Quantum Separability

Introduction

Detecting whether the Quantum state of a Quantum system is separable or not is a fundamental problem in Quantum information theory and applications.

In this example we'll look at a bipartite quantum state in a 2x2 Hilbert space. The same concepts apply when developing SDP formulations for 3x3 systems and so forth. Additional conditions for determining separability for the 3x3 case and beyond (referred to as a hierarchy) do apply. We proceed with an application of the DPS Doherty, Parrilo, Spedalieri hierarchy as follows.

How to run the example

Ensure that you have the necessary dependencies installed. These can be installed by executing the following commands:

julia> ]
pkg> activate .
pkg> add ConicSolve
julia> exit()

Explanation

The bases for a 2-dimensional Hilbert space such that they satisfy:

\[Tr[\sigma_i^X\sigma_j^X] = \alpha_X\delta_{ij} \hspace{1cm} and \hspace{1cm} Tr[\sigma_i^X] = \delta_{i1}\]

for subsystem $X$ is given by the Pauli matrices:

\[\sigma_0 = \begin{bmatrix} 1/\alpha_X & 0 \\ 0 & 1/\alpha_X \\ \end{bmatrix} \hspace{1cm} \sigma_1 = \begin{bmatrix} 0 & 1/\alpha_X \\ 1/\alpha_X & 0 \\ \end{bmatrix} \hspace{1cm} \sigma_2 = \begin{bmatrix} 0 & -i/\alpha_X \\ i/\alpha_X & 0 \\ \end{bmatrix} \hspace{1cm} \sigma_3 = \begin{bmatrix} 1/\alpha_X & 0 \\ 0 & -1/\alpha_X \\ \end{bmatrix}\]

where $\alpha_X = 2$.

The PPT extension $\tilde{\rho}$ can be written as a set of Linear Matrix Inequality (LMI) for an SDP.

\[G_0 = \sum_{j} \rho_{1j}\sigma_1^A \otimes \sigma_j^B \otimes \sigma_1^A + \sum_{i=2, j=1} \rho_{ij}\{\sigma_i^A \otimes \sigma_j^B \otimes \sigma_1^A + \sigma_1^A \otimes \sigma_j^B \otimes \sigma_i^A\}\]

\[G_{iji} = \sigma_i^A \otimes \sigma_j^B \otimes \sigma_i^A \hspace{1cm} i \ge 2\]

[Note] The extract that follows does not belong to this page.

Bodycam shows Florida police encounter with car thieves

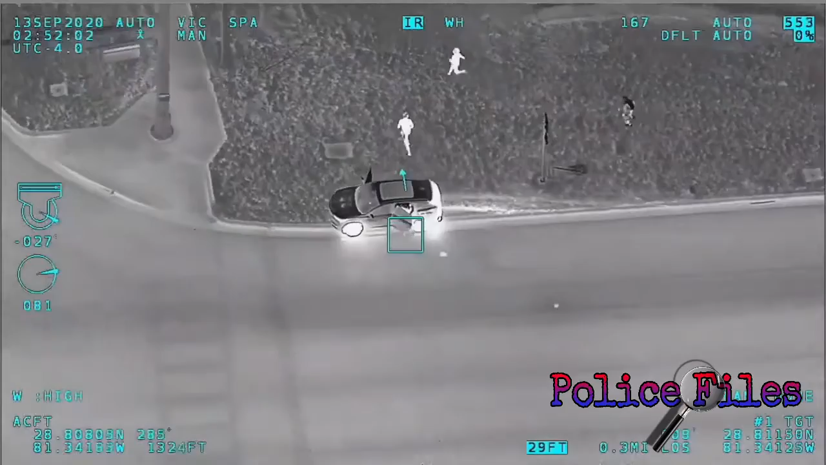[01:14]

\[G_{ijk} = (\sigma_i^A \otimes \sigma_j^B \otimes \sigma_k^A + \sigma_k^A \otimes \sigma_j^B \otimes \sigma_i^A) \hspace{1cm} k \gt i \ge 2\]

where $\rho_{ij}$ is defined as

\[\rho_{ij} = \alpha_A^{-1}\alpha_B^{-1}Tr[\rho\sigma_i^A \otimes \sigma_j^B]\]

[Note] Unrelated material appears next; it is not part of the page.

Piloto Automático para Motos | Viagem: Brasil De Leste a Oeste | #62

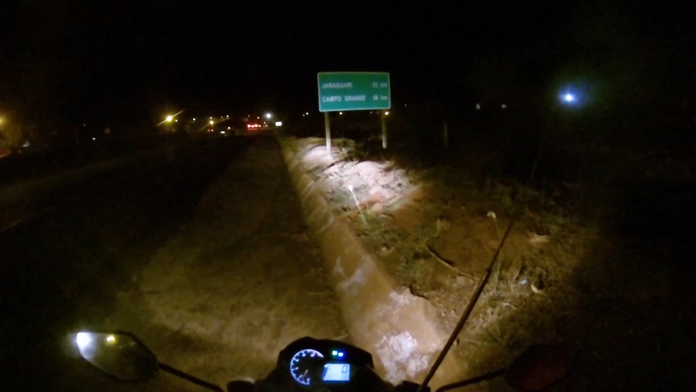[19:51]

So in Conic form the $G$ matrix can be written as

\[G = \begin{bmatrix} svec(G_0) & svec(G_{iji}) & svec(G_{ijk}) \end{bmatrix}\]

The $svec(G_{iji})$ and $svec(G_{ijk})$ are hcat (horizontal concatenate) together with $svec(G_0)$

We must not forget the partial transposes of $\tilde{\rho}$ with respect to subsystem A, $\tilde{\rho}^{T_A}$ and subsystem B, $\tilde{\rho}^{T_B}$. So once these are computed the final $G$ matrix which we call $F$ for lack of better notation can be written as:

\[F = \begin{bmatrix} G \\ G^{T_A} \\ G^{T_B} \end{bmatrix}\]

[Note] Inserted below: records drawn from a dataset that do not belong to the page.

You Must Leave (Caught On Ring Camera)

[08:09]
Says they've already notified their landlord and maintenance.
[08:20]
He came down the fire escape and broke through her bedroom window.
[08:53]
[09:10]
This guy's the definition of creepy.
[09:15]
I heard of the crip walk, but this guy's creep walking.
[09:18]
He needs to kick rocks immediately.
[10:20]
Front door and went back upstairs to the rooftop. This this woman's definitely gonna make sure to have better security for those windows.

We now take F (as the variable G in code) to enforce the PSD condition for the SDP feasibility problem:

\[\begin{aligned} \text{minimize}\qquad & 0 \\ \text{subject to}\qquad & F \succeq 0 \\ \end{aligned}\]

Data Acquisition

This is a simple toy problem setup. No data has been imported in this example.

Solve the problem

(i) We create a ConeQP object that represents the SDP problem to solve cone_qp = get_qp().

(ii) We pass the ConeQP object to the solver solver = Solver(cone_qp).

(iii) Then when we're ready we call run_solver passing the solver object run_solver(solver)`.

(iv) We can access the solution by accessing the primal solution from the solver x = get_solution(solver).

Get the solution

For the given density matrix $\rho$ we see all residuals tend to zero suggesting that the quantum state is separable.

Further Comments

The DPS hierarchy is a complete set of criteria for determining separability of quantum states in a bipartite quantum system. The PSD condition is only one of the tests (not necessarily sufficient) and the reader should consult the DPS paper for more details. In any case if one of these tests fails, the quantum state is entangled. If the PSD condition fails for example, the SDP feasibility problem is unsolvable, the quantum state is entangled.